Platelet glycocalicin. II. Purification and characterization.

Abstract

Glycocalicin, a major glycoprotein of the platelet glycocalyx, is obtained in soluble forms following platelet homogenization and has been purified to homogeneity. Glycalicin has a molecular weight of 148,000 (+/- 5,000) as determined by gel electrophoresis. It contains 60 grams % carbohydrate (46.6 mol %) comprising galactose, N-acetylgalactosamine, N-acetylglucosamine, and sialic acid as its principal sugars in a ratio of 2:1:1:2, but with a small amount of glucose (2.3 mol %), mannose (1.2 mol %), and fucose (1.9 mol %).
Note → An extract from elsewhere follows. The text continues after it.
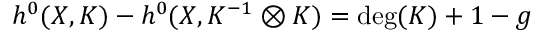
h ^ { 0 } ( X , K ) - h ^ { 0 } ( X , K ^ { - 1 } \otimes K ) = \deg ( K ) + 1 - g
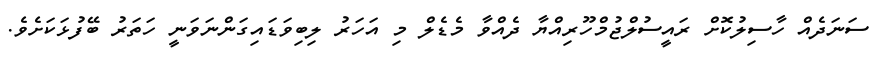
ސަނަދެއް ހާސިލުކޮށް ރައީސުލްޖުމްހޫރިއްޔާ ދެއްވާ މެޑެލް މި އަހަރު ލިބިވަޑައިގަންނަވަނީ ހަތަރު ބޭފުޅަކަށެވެ.
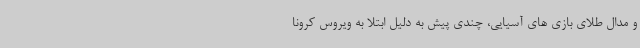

The principal amino acids are serine and threonine (4.9 and 7.6 mol %), leucine (6.7 mol %), proline, (6.8 mol %), and aspartic and glutamic acids (4.7 and 5.8 mol %). Tryptic digestion of glycocalicin yielded a macroglycopeptide (Mr = 118,000 +/- 5,000) identical with that previously obtained from intact platelets (Pepper, D.S., and Jamieson, G.A. (1970) Biochemistry 9, 3706-3713) and a peptide of molecular weights 45,000 (+/- 2,000) which contained only 7 mol % carbohydrate. This peptide showed a significant enrichment of serine, glycine, and glutamic acids compared with glycocalicin and together these amino acids comprised over 50 mol % of the peptide. Purified glycocalicin gave a single precipitin line with antiserum prepared in chickens. It showed reactions of partial identity with both the macroglycopeptide and the (non-glyco)peptide obtained by tryptic digestion and these showed lines of partial identity with each other. These results suggest that at least three determinants are present in the intact molecule. Glycocalicin gave precipitin reactions with wheat germ agglutinin and with the lectin of Agaricus bisporus.